The inclusion of transition to turbulence effects in aerodynamic shape optimization makes it possible to use it as a tool for the design of airframes with laminar flow. Modified Reynolds-Averaged Navier–Stokes (RANS) models that consider transition to turbulence have gained traction in the computational fluid dynamics (CFD) community. These models enable the computation of transitional flows without the need for external modules. In this work, we use a smooth version of the amplification factor transport (AFT) model, called AFT-S, to perform gradient-based aerodynamic shape optimization (ASO) of airfoils in subsonic and transonic flow conditions. We investigate the benefits of including transition effects into the optimization process and assess the impact of losing laminar flow when early transition to turbulence occurs due to surface contamination. Our results indicate that our design optimization approach yields lower drag airfoils when transition effects are considered. For the transonic case, the optimizer trades between shock wave strength and laminar flow extension to minimize drag.

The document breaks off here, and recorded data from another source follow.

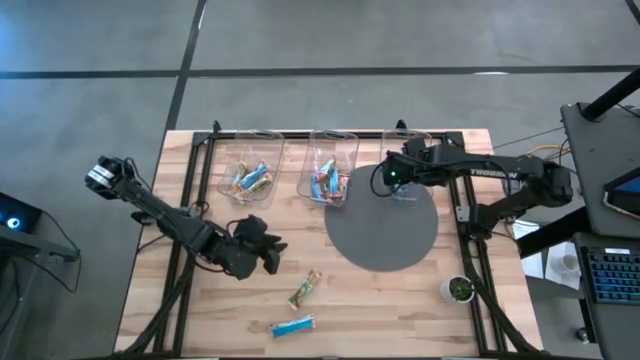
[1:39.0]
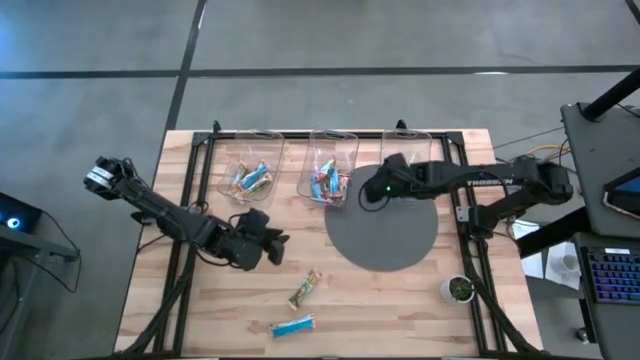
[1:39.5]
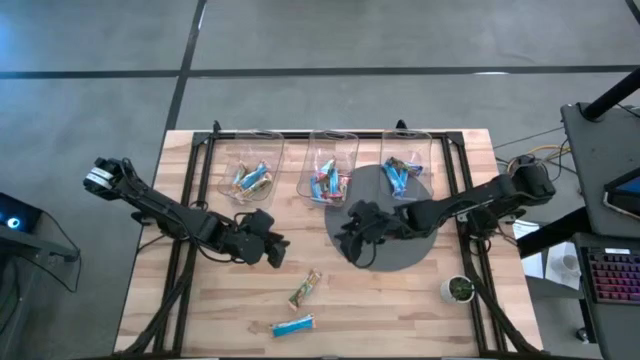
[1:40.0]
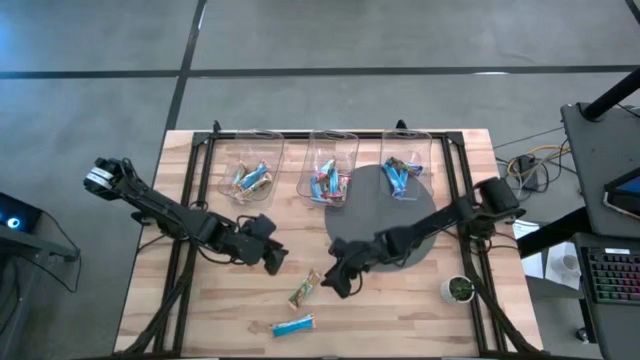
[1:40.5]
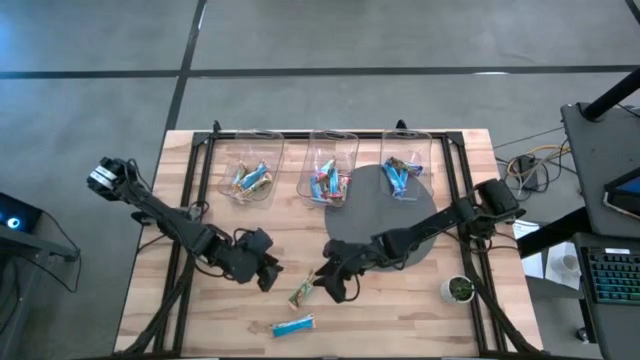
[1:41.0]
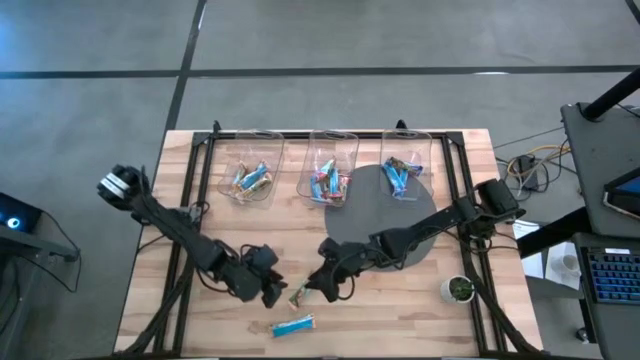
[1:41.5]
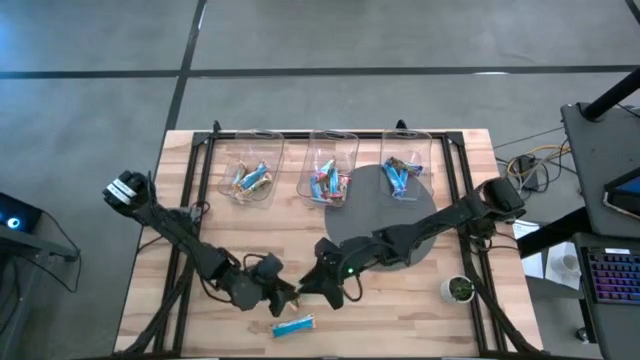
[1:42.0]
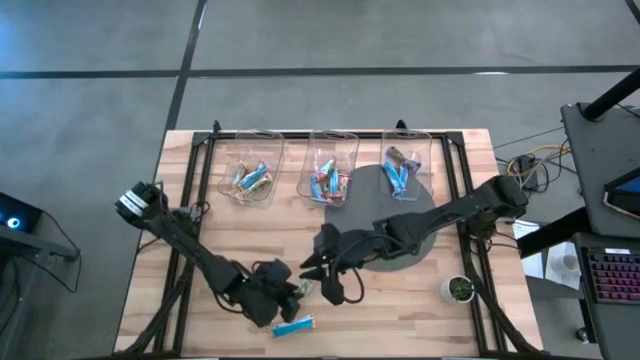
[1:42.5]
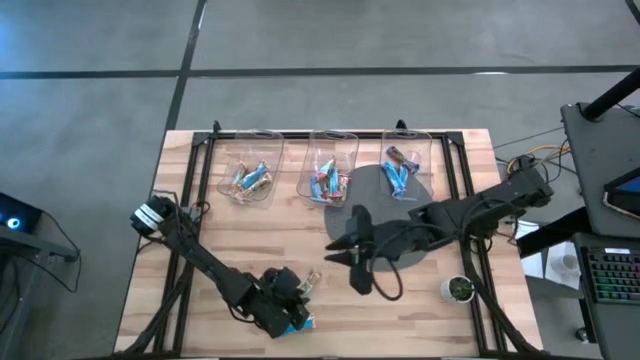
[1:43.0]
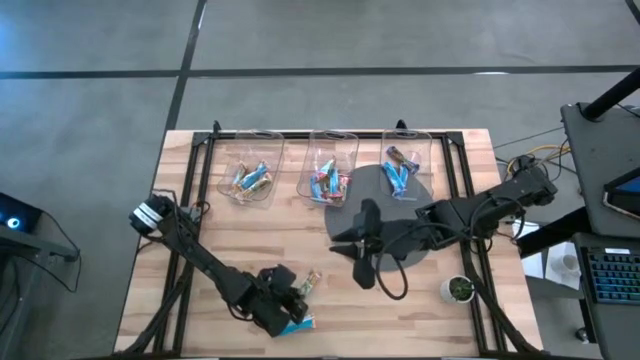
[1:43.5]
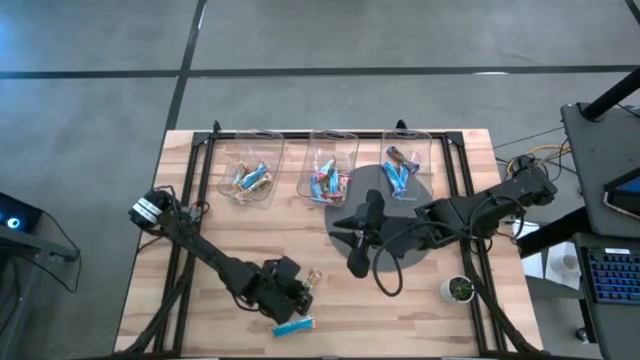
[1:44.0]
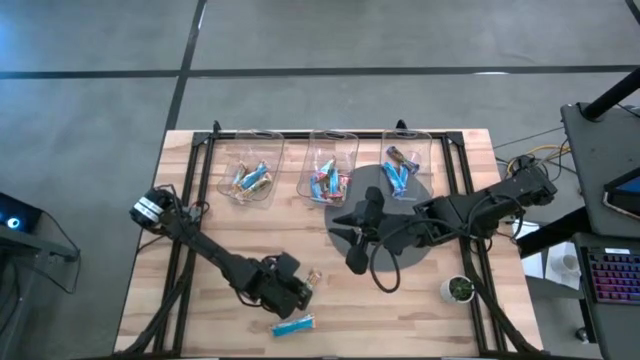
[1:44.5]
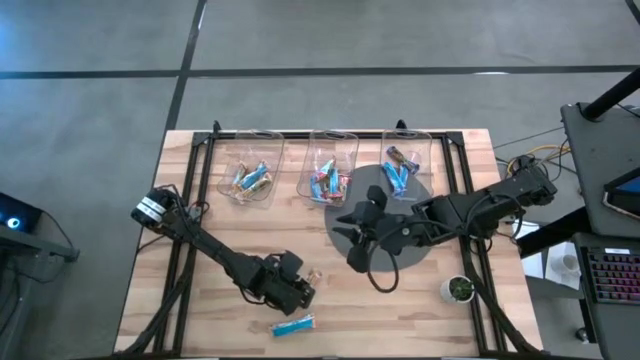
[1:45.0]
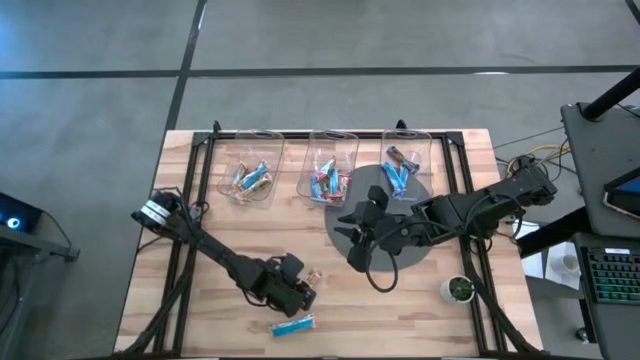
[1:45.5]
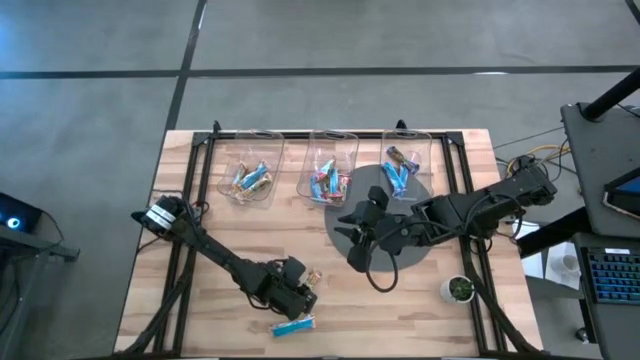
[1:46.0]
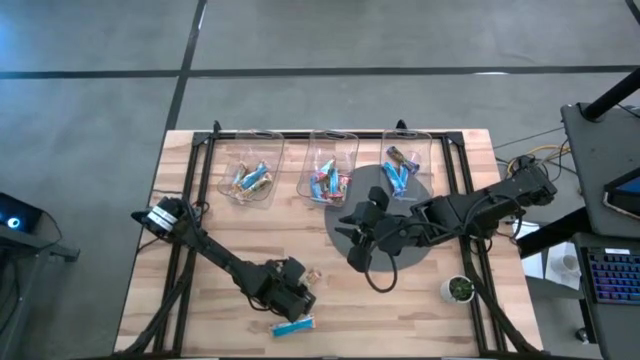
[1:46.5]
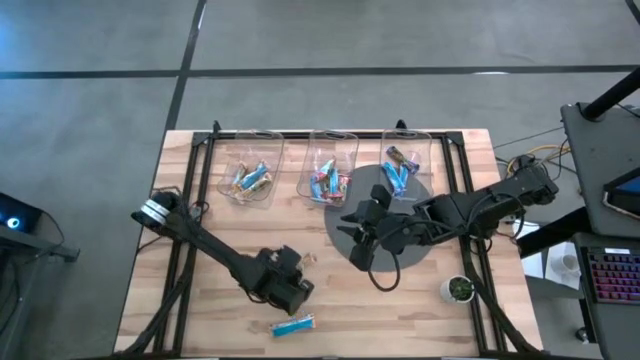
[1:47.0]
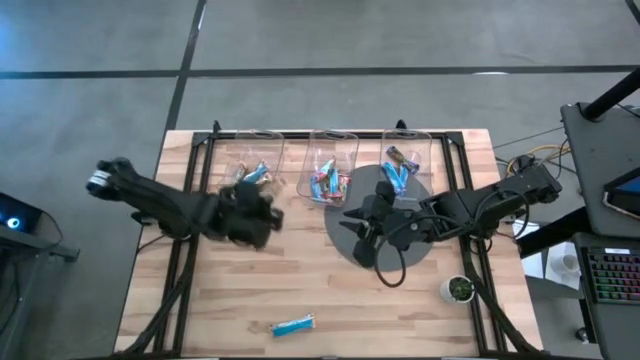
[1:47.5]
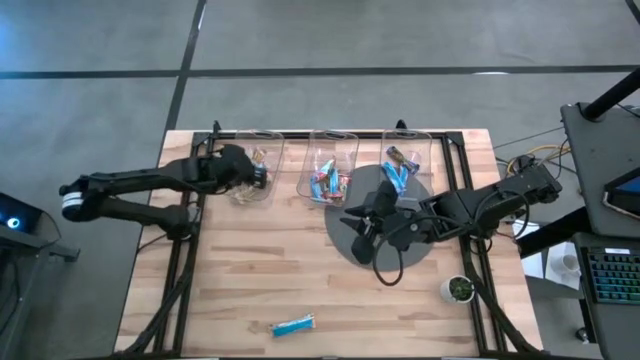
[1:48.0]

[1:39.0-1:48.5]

在空气动力学形状优化中纳入了湍流过渡效果，因此可以将其用作设计具有层流的飞机机身的工具。考虑到湍流过渡的改进的雷诺平均纳维尔–斯托克斯（RANS）模型在计算流体力学（CFD）社区中获得了关注。这些模型无需外部模块就可以计算过渡流。在这项工作中，我们使用称为AFT-S的平滑形式的放大因子传输（AFT）模型，在亚音速和跨音速流动条件下对机翼进行基于梯度的空气动力学形状优化（ASO）。我们研究了将过渡效应包括到优化过程中的好处，并评估了由于表面污染而导致早期过渡到湍流时失去层流的影响。我们的结果表明，当考虑过渡效果时，我们的设计优化方法可产生较低的阻力翼型。对于跨音速情况，优化器在冲击波强度和层流扩展之间进行权衡以最大程度地减小阻力。